In 1954, a landmark study by British scientist Richard Doll provided the first incontrovertible evidence that smoking causes lung cancer.
In the ensuing decades, governments began health campaigns against tobacco, requiring ever-tougher package warnings and enforcing restrictions on where and to whom it could be sold.
Half a century on from Doll's research comes another watershed year, this time with the right to smoke being called into question.
Laws against passive smoking have dramatically proliferated this year, shrinking the space where smokers can legally light up and casting them in the role of a huddled minority with an antisocial habit.
Since the start of this year, a dozen countries have introduced, or announced plans to introduce, laws that will toughen the ban on smoking in public places so that it includes restaurants, clubs and bars.
More countries, states and cities are likely to follow suit next year, say experts.

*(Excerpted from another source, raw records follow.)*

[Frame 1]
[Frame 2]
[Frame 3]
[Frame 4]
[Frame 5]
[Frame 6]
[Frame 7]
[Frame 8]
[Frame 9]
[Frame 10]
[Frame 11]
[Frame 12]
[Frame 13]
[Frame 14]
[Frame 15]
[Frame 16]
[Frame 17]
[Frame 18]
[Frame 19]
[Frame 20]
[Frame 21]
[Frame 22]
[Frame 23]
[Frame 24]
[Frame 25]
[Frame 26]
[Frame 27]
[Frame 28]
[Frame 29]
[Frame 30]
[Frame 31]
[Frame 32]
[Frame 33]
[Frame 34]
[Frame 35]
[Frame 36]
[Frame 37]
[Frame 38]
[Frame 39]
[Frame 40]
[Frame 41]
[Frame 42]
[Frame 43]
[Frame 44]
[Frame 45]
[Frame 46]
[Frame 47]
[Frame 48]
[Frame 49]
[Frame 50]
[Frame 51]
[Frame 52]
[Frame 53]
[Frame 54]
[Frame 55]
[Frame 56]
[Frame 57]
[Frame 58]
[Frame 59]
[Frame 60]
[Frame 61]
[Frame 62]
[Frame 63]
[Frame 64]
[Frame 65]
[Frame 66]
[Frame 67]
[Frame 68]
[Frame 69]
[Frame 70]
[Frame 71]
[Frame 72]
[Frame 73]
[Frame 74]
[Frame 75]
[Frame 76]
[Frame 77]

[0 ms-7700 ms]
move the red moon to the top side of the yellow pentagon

"We're very encouraged," said Carmen Auderalotez, technical officer with the World Health Organization's anti-smoking campaign, the Tobacco Free Initiative.
"These laws follow on from the gradual introduction of restrictions on smoking in the workplace, which is the key first step.

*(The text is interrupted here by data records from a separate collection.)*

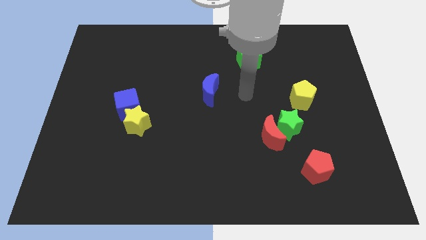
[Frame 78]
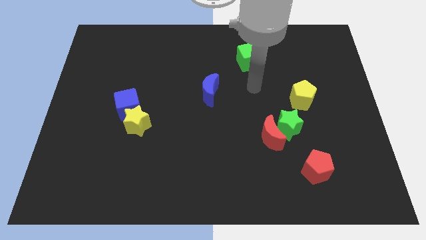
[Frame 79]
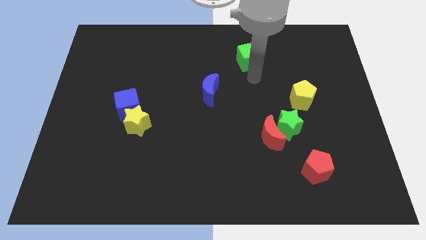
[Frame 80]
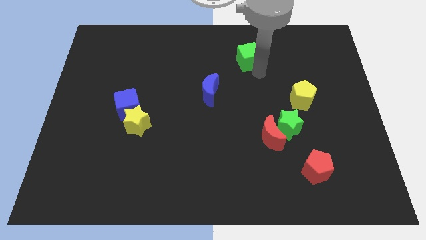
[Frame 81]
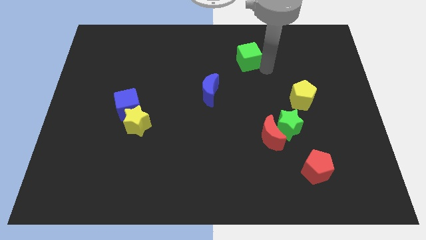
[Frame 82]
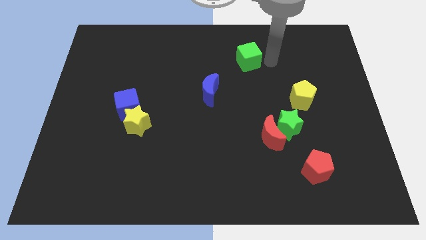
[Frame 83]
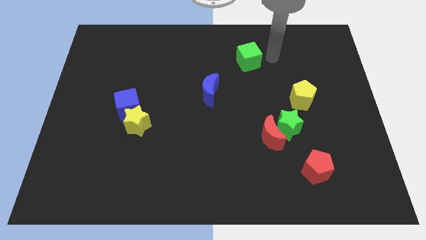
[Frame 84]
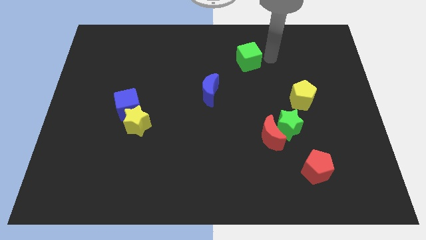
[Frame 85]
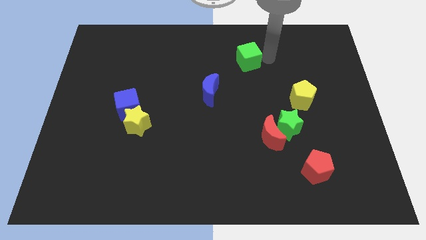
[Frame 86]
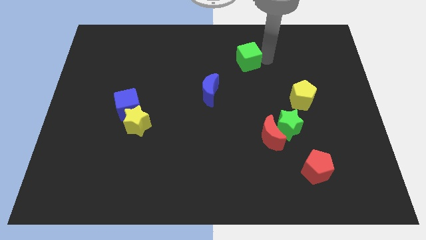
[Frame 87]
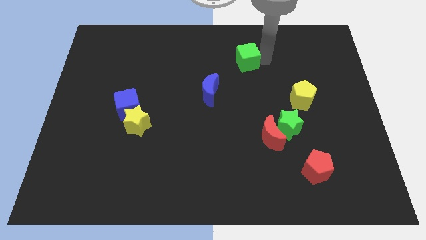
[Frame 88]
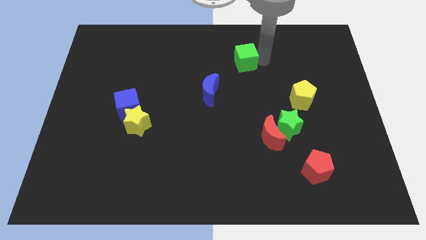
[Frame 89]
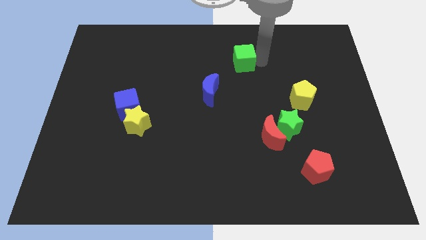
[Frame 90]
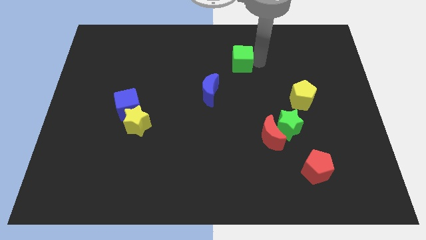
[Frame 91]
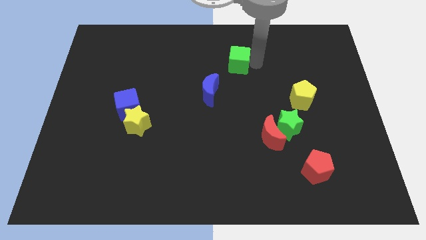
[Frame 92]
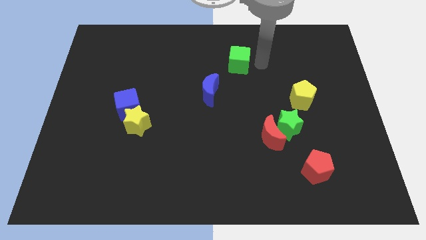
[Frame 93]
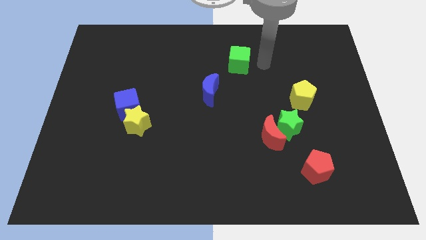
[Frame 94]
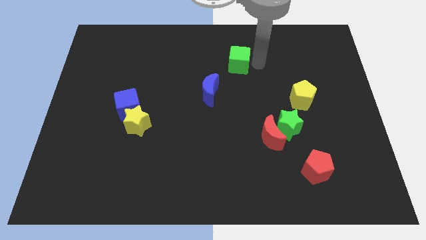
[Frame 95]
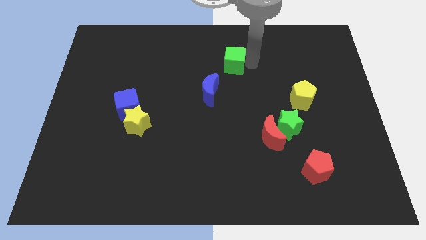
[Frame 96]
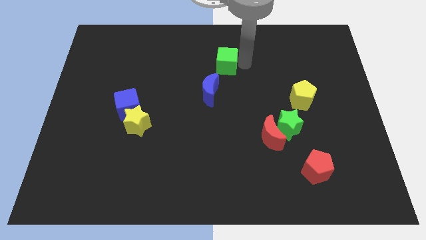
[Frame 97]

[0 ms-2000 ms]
slide the green cube above the blue moon

"These bans protect non-smokers and also help to create an environment where smoking is no longer considered acceptable or fashionable," she said.
California, in 1998, led the legal charge to eradicate tobacco smoke in the hospitality sector, but the vanguard has now been seized by Europe.

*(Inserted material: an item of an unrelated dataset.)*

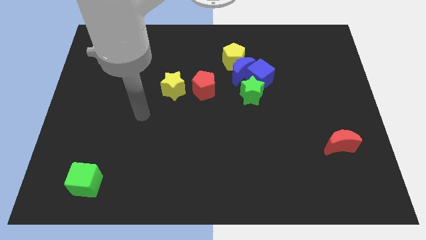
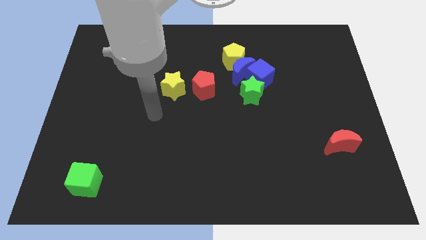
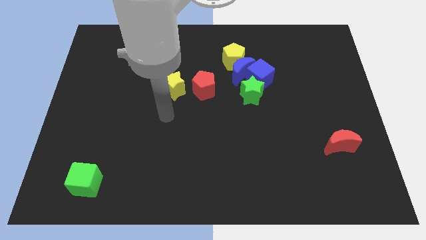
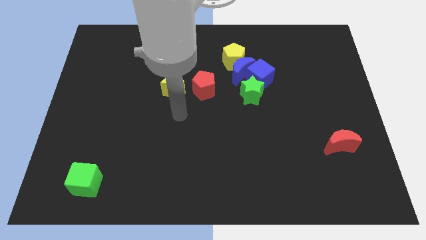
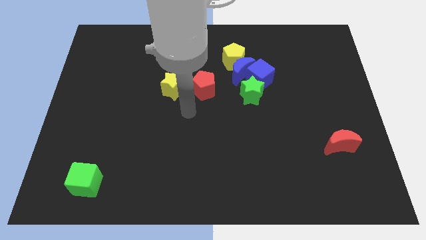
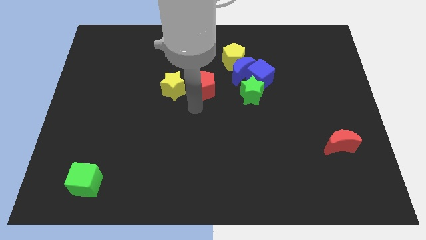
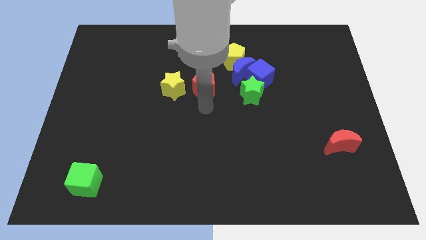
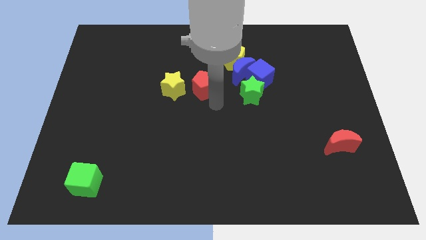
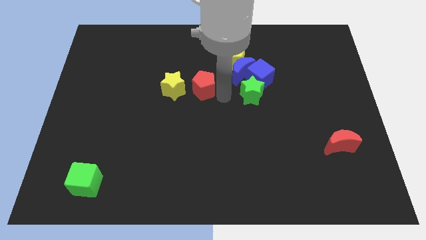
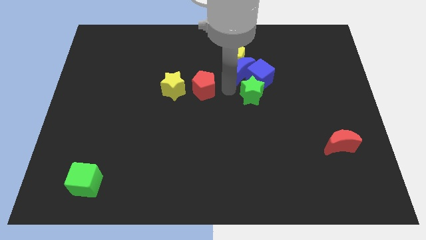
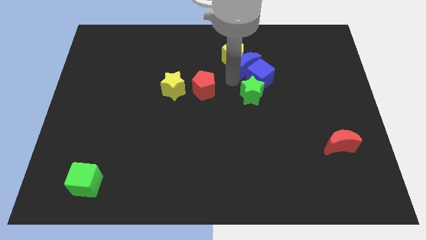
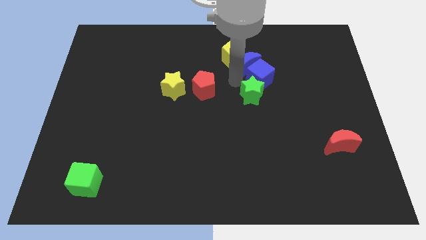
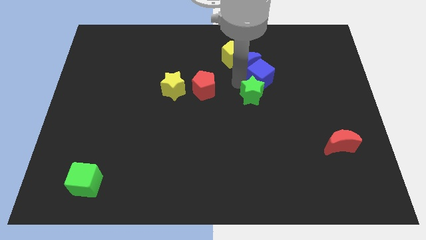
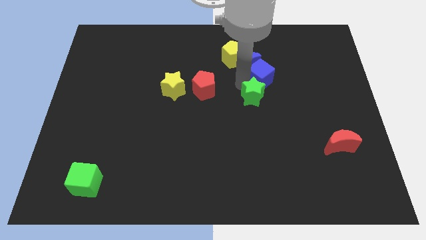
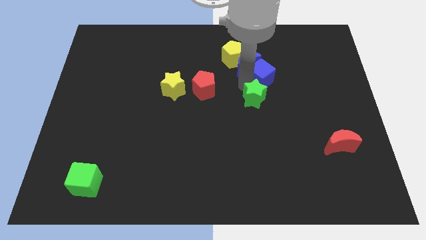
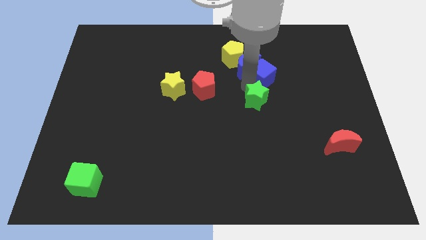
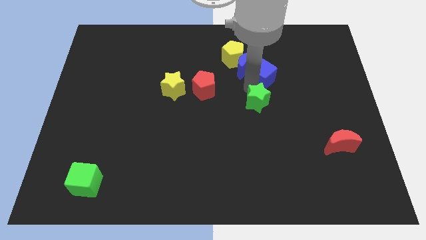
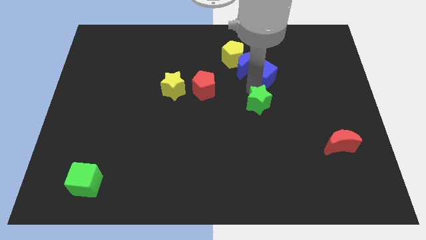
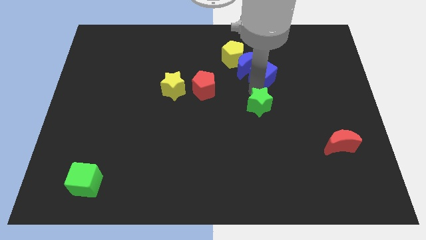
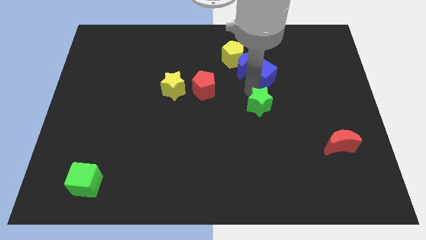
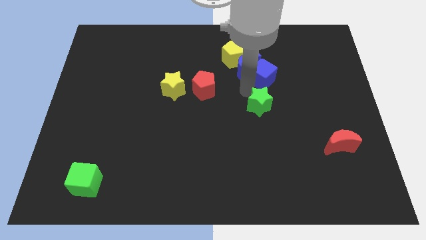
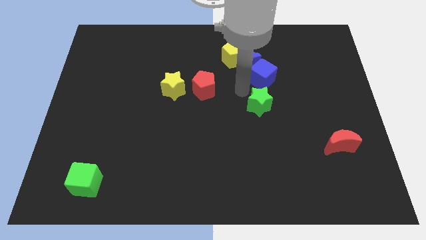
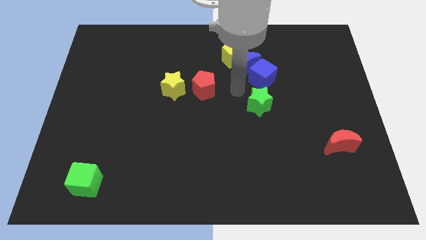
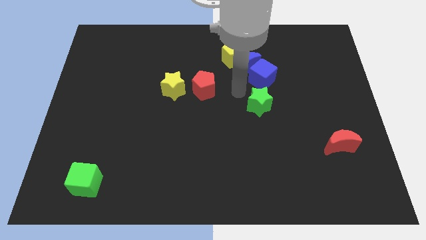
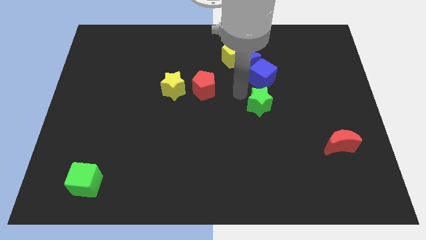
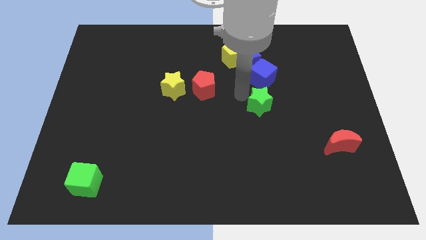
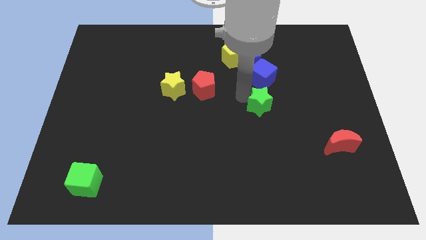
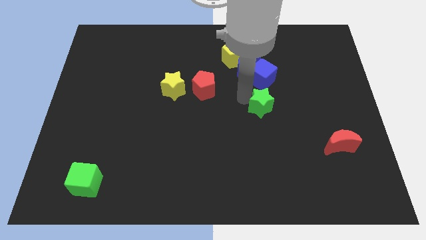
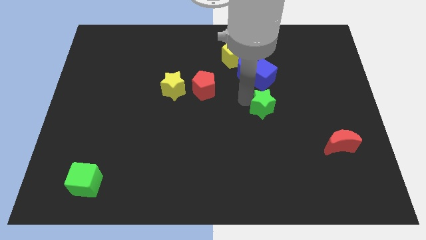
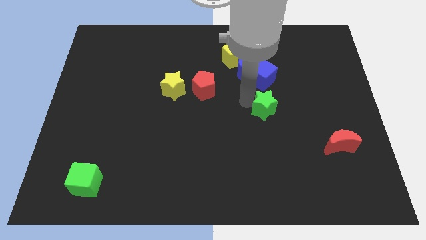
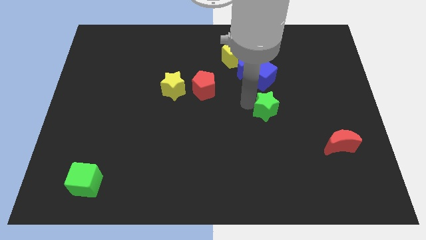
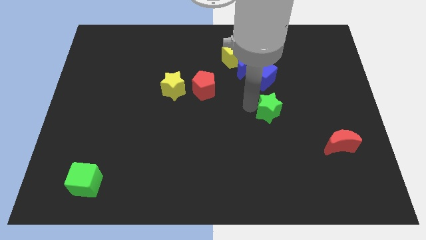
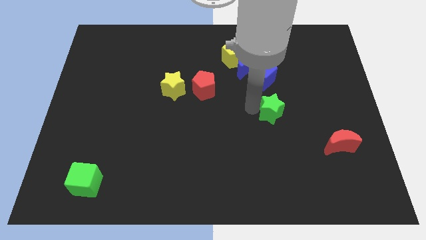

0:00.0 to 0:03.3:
slightly move the green star downwards and right diagonally

Ireland, on March 29, became the first country in the world to ban smoking not just in the eateries and pubs, but even company cars. It has been swiftly followed by Norway, while Sweden, Britain and Portugal have all unveiled plans for similar restrictions.
Sweden already has the lowest smoking rates of any country in the world -- less than a fifth of the adult population have the habit.
Auderalotez predicts that more US states and some African countries will be in line next year to roll back the right to smoke.
In Asia, though, it's a different picture, for in many countries, smokers can puff with few hindrances. The legal picture remains rather as it was in Europe some 15 to 20 years ago and possibly longer in the US.
According to World Bank figures, of the 1.1 billion smokers in the world, 43 percent are in the Asia-Pacific region.
The figure is headed by China, with 320 million smokers, the most of any nation. More than half of adult males smoke, and the prospect of any restriction of smoking in public places is extremely remote.
"Tobacco may eventually kill about 50 million of all the children and youth alive today in China," the US Centers for Disease Control says.
India, which has 240 million tobacco users, outlawed smoking in public places in May, but this is rarely enforced, campaigners say.
The big exception is the tiny Himalayan kingdom of Bhutan, which has become the first country in the world to not only outlaw smoking in public places but also bar all tobacco sales, a move set to take effect from Dec. 17.
Evidence about the dangers of passive smoking came to notoriety in 1992. The US Environmental Protection Agency (EPA) then estimated that each year tobacco smoke inhaled by non-smokers killed 3,000 Americans from lung cancer alone.
Further studies have pointed the finger at smoke in pubs, workplaces and homes as a major source of heart disease, asthma, chronic bronchitis and prematurely aged skin, among other problems.